# Little white creatures



## jeff20578 (Mar 3, 2009)

i have been gone for about a week an noticed that i have a fair amount of these little white bugs swimming and clinging onto my tank 

i assume i probably dont want them in there and would like to know if there is a way to eliminate them?


----------



## Pasfur (Mar 29, 2008)

You want them. They should be copepods and amphipods, introduced from live rock and sand. They are a great natural food source for your fish.


----------



## Kellsindell (Sep 15, 2008)

I agree with this. Do they look like little commas swimming around very poorly? or walking around on the sand and glass? that's going to be an amphipod.


----------



## aquakid (Jun 22, 2008)

Send me a private message with pics. I'm usually pretty good at identifying these things.


----------



## Pasfur (Mar 29, 2008)

Or, perhaps, here is an interesting idea....

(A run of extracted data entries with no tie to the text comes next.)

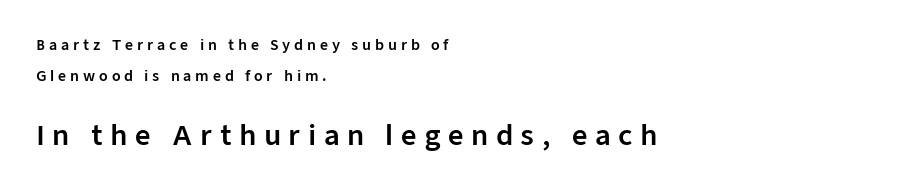
{"italic": "no", "underline": "no", "align": "left", "line_spacing": "loose", "line_spacing_ratio": 2.2, "letter_spacing": "wide", "letter_spacing_em": 0.27, "larger_block": "second", "size_ratio": 1.93, "glyph_px": 27}
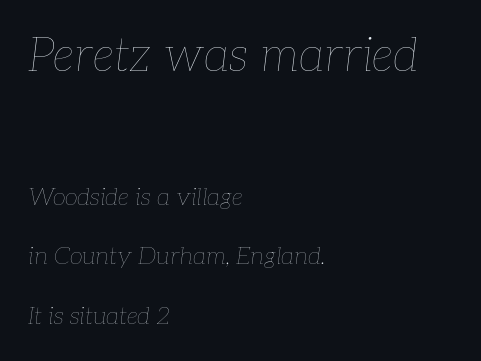
{"italic": "yes", "lean": "right", "slant_degrees": 7, "bold": "no", "weight": "thin", "width": "normal", "stroke_contrast": "low", "x_height": "medium", "monospaced": "no", "underline": "no", "align": "left", "line_spacing": "loose", "line_spacing_ratio": 2.49, "letter_spacing": "normal", "letter_spacing_em": 0.0, "larger_block": "first", "size_ratio": 1.96, "glyph_px": 47}
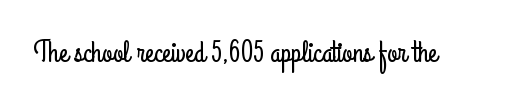
The image shows 29 px condensed sans-serif type; set normal letter spacing, not underlined; low stroke contrast and a small x-height.
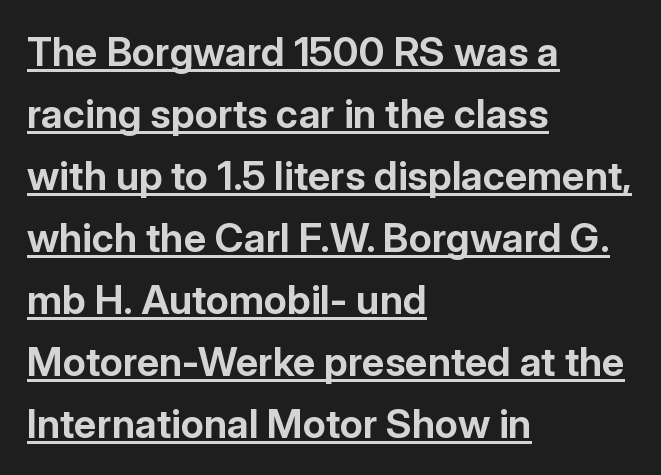
{"serif": "no", "italic": "no", "bold": "yes", "weight": "bold", "width": "normal", "stroke_contrast": "low", "x_height": "medium", "monospaced": "no", "underline": "yes", "align": "left", "line_spacing": "normal", "line_spacing_ratio": 1.55, "letter_spacing": "normal", "letter_spacing_em": 0.0, "glyph_px": 40}
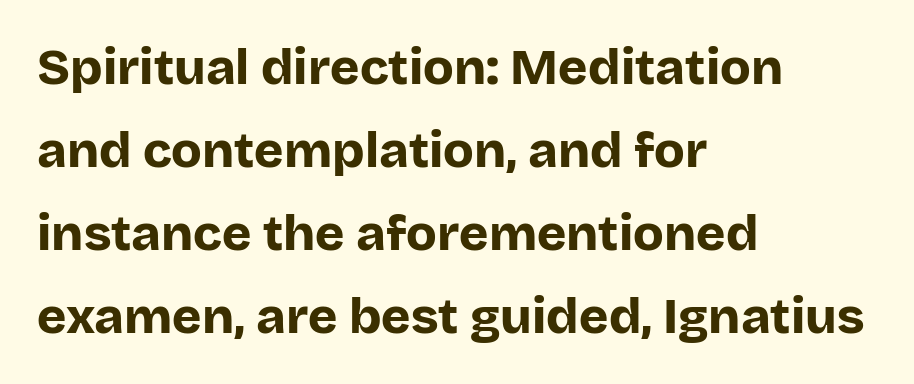
Q: Is the text bold? A: Yes.
Q: Is the text italic (slanted)? A: No, it is upright.
Q: Is the typeface a serif or a sans-serif typeface? A: Sans-serif.
Q: Is the text underlined? A: No.
Q: How is the paragraph aligned? A: Left-aligned.
Q: Is the spacing between letters normal or unusually wide? A: Normal.
Q: Is the spacing between lines tight, normal or loose? A: Normal.
Q: Width (condensed, normal, or wide)? A: Normal.
Q: Stroke contrast? A: Low.
Q: x-height? A: Large.
Q: Monospaced? A: No.

Post pictures publicly so that we can all benefit from this thread.


----------



## Kellsindell (Sep 15, 2008)

Pasfur said:


> Or, perhaps, here is an interesting idea....
> 
> Post pictures publicly so that we can all benefit from this thread.


:lol:


----------



## Mike (Jul 16, 2006)

Pasfur said:


> Or, perhaps, here is an interesting idea....
> 
> Post pictures publicly so that we can all benefit from this thread.


Ditto, please do post them publicly so that you can benefit from the community's collective experience and those with similar issues can benefit from yours.


----------



## Bartman (Mar 17, 2009)

I agree, post them publicly, this is how I learn


----------



## turk86 (Apr 7, 2009)

I too Agree, Please post some PICS!!


----------



## AaaRr (Mar 28, 2009)

I agree cause I think I have one or two of these but they are very very small and camera did not take a great picture but I will post what I have. It looks like a tiny tiny snail kind of cause it has little tentacle eyes and the shape could be snail shape but long wise... I took one and blew it off the glass to see if it could swim...it sank like a rock. :roll:
http://clancommission.net/aar/Fish Tank/SmallSnailMaybe-.JPG


----------